Sabrina didn't so much accuse him as state the obvious when she told him, "You're in love with Rachel, aren't you?"
"Yes," Craig said.
"Why? I mean, what does she... I don't understand. Tell me. What's so great about Rachel?"
"When I'm around her," Craig began, and, in his romantic state, managed to utter the longest sentence Sabrina had ever pried out of him. "When I'm around her, I don't feel angry anymore."

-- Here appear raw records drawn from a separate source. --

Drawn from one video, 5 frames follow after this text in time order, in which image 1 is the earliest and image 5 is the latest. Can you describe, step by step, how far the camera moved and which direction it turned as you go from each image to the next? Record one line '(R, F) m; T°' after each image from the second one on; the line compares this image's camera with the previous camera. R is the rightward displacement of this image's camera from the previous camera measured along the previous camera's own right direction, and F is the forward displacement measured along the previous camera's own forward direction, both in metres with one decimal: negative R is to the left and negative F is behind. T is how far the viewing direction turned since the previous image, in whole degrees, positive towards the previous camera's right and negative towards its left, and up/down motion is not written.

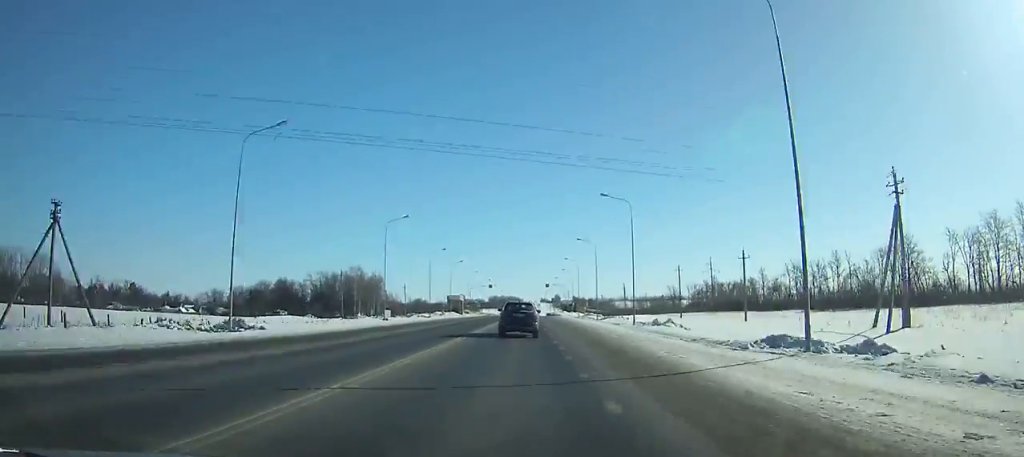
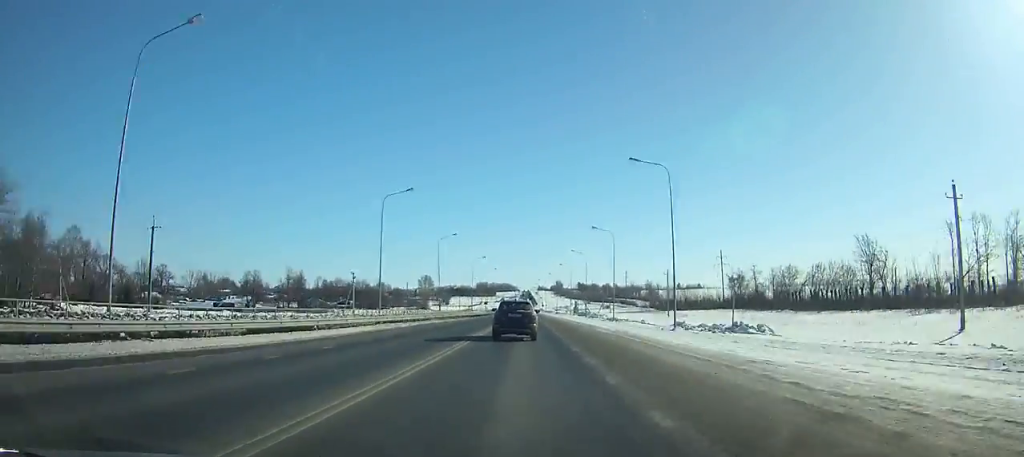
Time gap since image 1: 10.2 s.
(-0.3, +228.7) m; 0°
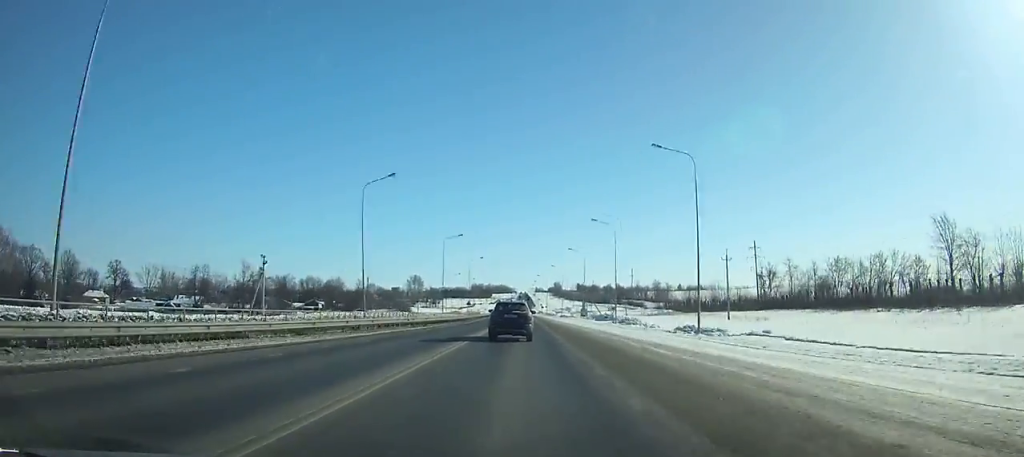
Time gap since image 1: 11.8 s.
(0.0, +35.5) m; 0°
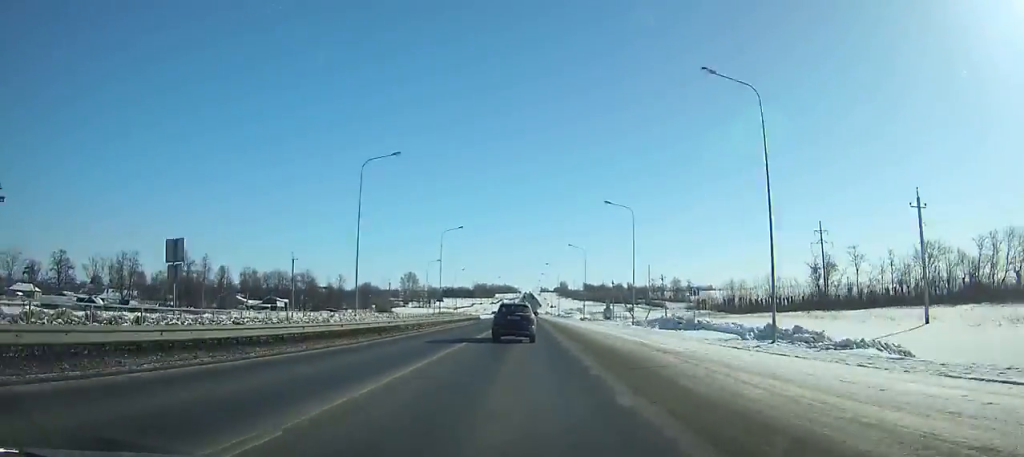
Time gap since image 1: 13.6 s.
(+0.1, +40.2) m; 0°
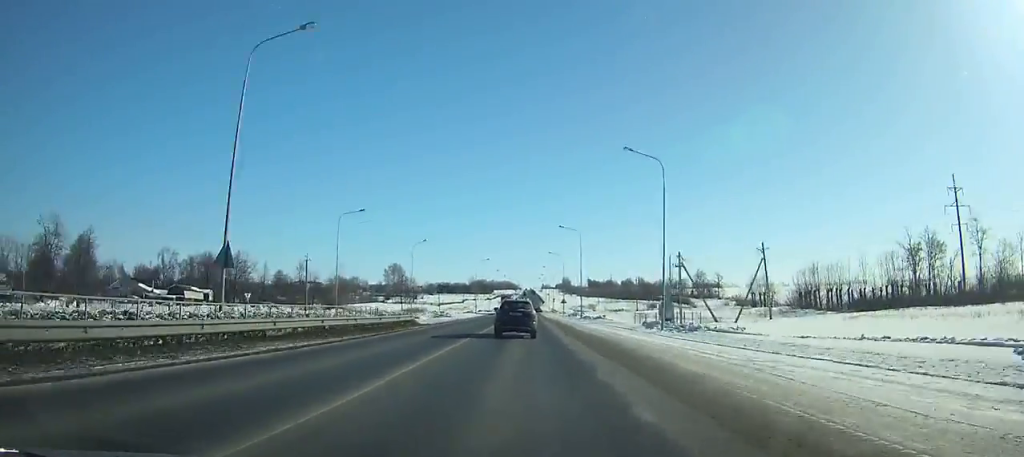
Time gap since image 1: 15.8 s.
(+0.2, +49.4) m; 0°
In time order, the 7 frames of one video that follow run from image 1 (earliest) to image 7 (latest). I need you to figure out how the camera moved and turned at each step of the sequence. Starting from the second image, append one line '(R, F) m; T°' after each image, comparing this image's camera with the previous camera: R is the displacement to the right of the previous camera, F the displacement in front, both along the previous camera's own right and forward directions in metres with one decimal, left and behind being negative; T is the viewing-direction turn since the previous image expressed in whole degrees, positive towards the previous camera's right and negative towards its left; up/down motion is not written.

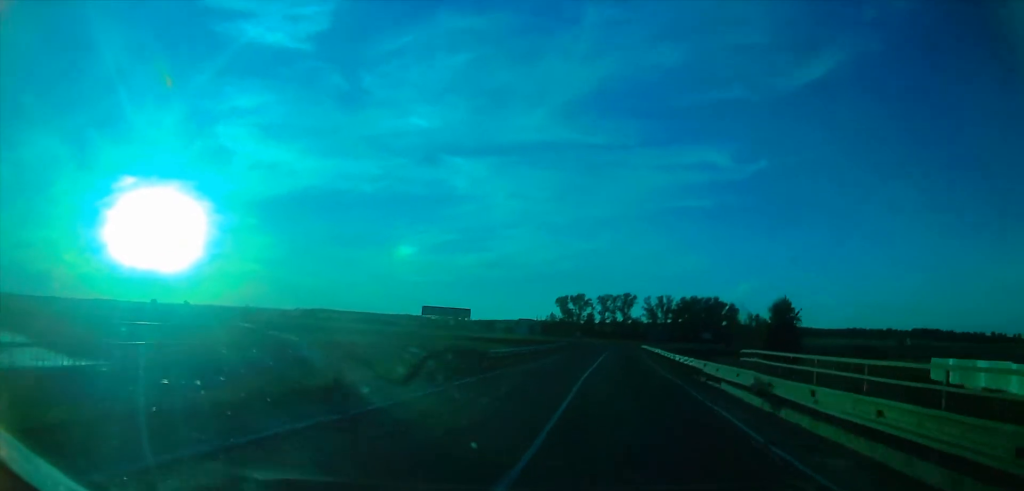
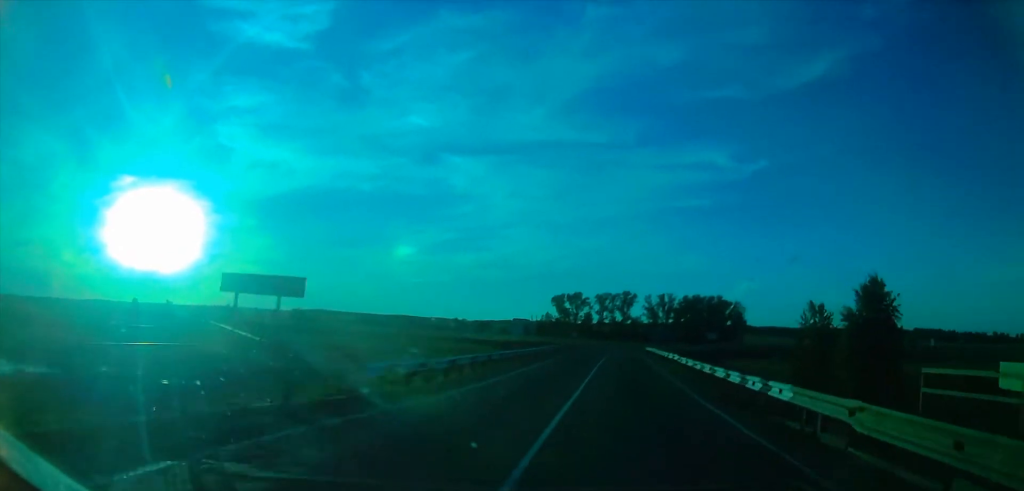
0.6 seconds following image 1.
(0.0, +13.5) m; 0°
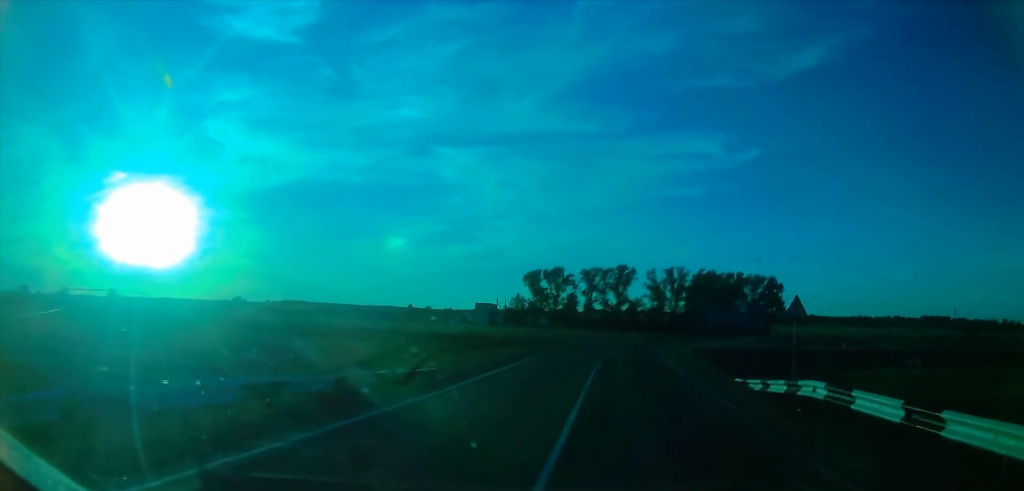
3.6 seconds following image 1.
(+0.1, +67.0) m; +1°
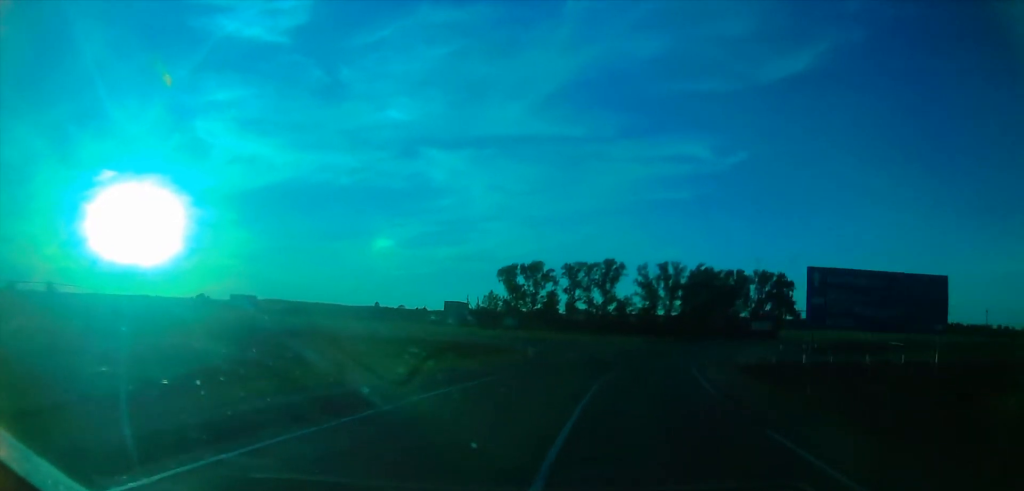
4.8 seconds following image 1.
(+0.2, +25.0) m; 0°
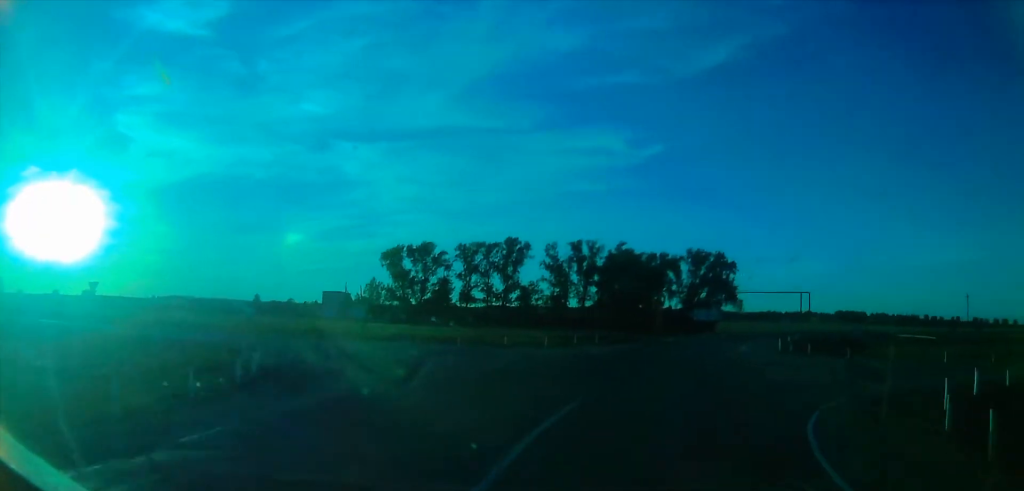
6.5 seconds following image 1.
(+0.3, +29.9) m; +6°
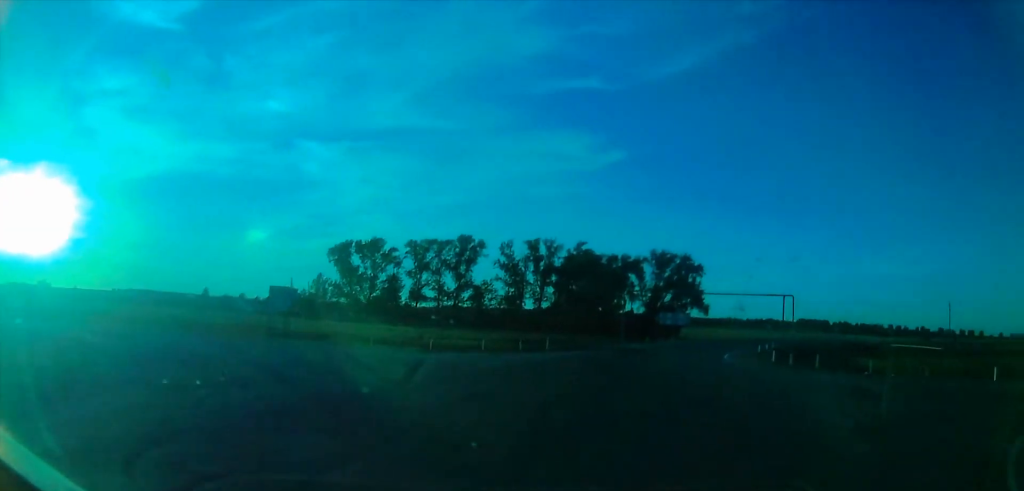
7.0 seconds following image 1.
(+0.6, +8.5) m; +4°
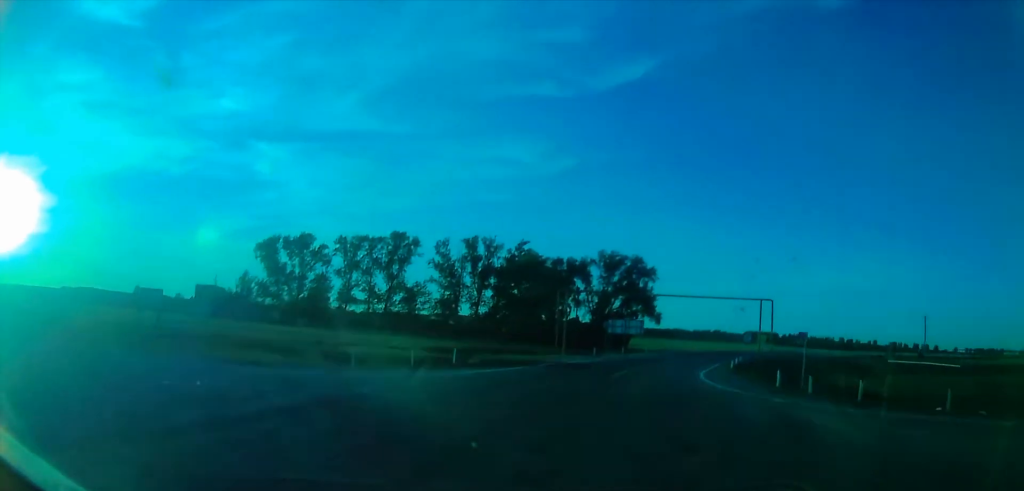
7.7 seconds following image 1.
(+0.5, +11.2) m; +5°

And that, again, was that.
CHAPTER THIRTEEN
SKATINGANDSTUFF.COM MESSAGE BOARD
FROM: GoGoGregoryl Posted at 4:11 PM
So now Jeremy Hunt is skating in the tribute also with him and Gabrielle Cassidy its like let's make a list of the no-names is Gina just going to get on the ice and wave now looks like there won't be time for anybody else like the real champions to do a number!!!
FROM: IcelsNice Posted at 4:15 PM
I'm sure all the big names will get their numbers. Chris Kelly is skating a solo and a dance with Gabrielle Cassidy.
FROM: DanceDiva Posted at 4:16 PM
OMG!!! Chris Kelly is ice dancing now!!! I always thought he should have been a dancer. He's got those long limbs and he moves so smoothly on the ice. This is like a dream come true for me!!! Do you think they'll compete as a team???
FROM: SkatingYoda Posted at 4:21 PM
«Do you think they'll compete as a team???»
That's the plan. It's why Chris moved to Gabrielle's training center last year. They're getting their OD and FD ready now for next season.
FROM: DanceDiva Posted at 4:22 PM
Any word on what country they'll be representing?
FROM: SkatingYoda Posted at 4:30 PM
Great Britain. England hasn't had a world quality dance team in years. They're so excited about Chris and Gabrielle they've basically guaranteed them the win at Nationals and a trip to Worlds if they'll represent Great Britain. Gabrielle is in the process of getting her citizenship rushed through now, so they'll be Olympic eligible by the next one.
* * *
Bex had two questions, and she went with the most pressing one first. She asked Craig, "You used to wear an earring?”
He shrugged, equally amused. "I did a lot
of... interesting... things at eighteen."
"Speaking of interesting, you didn't think it was interesting enough to mention to me earlier that Sabrina Pryce is obsessed with killing her father?”
"Was obsessed. Past tense."
"Are you sure?”
"Bex, I don't know about you, but I most certainly am not the person today that I was at eighteen — the earring stud being only Exhibit A. Why would you presume Sabrina hasn't changed since high school?"
"Well, for one thing, because her father is dead."
"She's hardly the only one with a motive."
"Did she say anything about it during your date?"
"It wasn't a date."
"Your friendly dinner, then. And by the way, Craig, Sabrina thinks it was a date."
"No."
"Not even in a nostalgic sort of way? You know, like: Remember when we used to plan to kill my father? Wasn't that totally Badlands of us?"
"I don't think she was serious about it, not even then. She was an angry, messed-up kid whose mother had just died and whose dad didn't give a damn about her. It was just a way to blow off some steam and impress the school's resident bad boy."
"You were the resident bad boy, Craig?"
"You don't believe me?"
"It's a little tough to picture. I mean now, you're so... so..."
"Old?"
"No!"
"Stodgy?”
"Would you cut it out?”
"Would you like me better if I dug up the earring again?”
"I like you fine now."
"Good."
Bex knew he was deliberately teasing her, and she hated herself for going along so gullibly. But she really wished he wouldn't keep reminding her of how much older he was than she. Or how, when he was playing bad boy in high school, she was still playing with her paper dolls.
"Good," he repeated. She expected him to go on. To maybe bring up his proposal or their relationship or anything personal, really. But all Craig did was stand up, stretch, and tell her, "I'm going to check on Jeremy. Good luck with your sleuthing."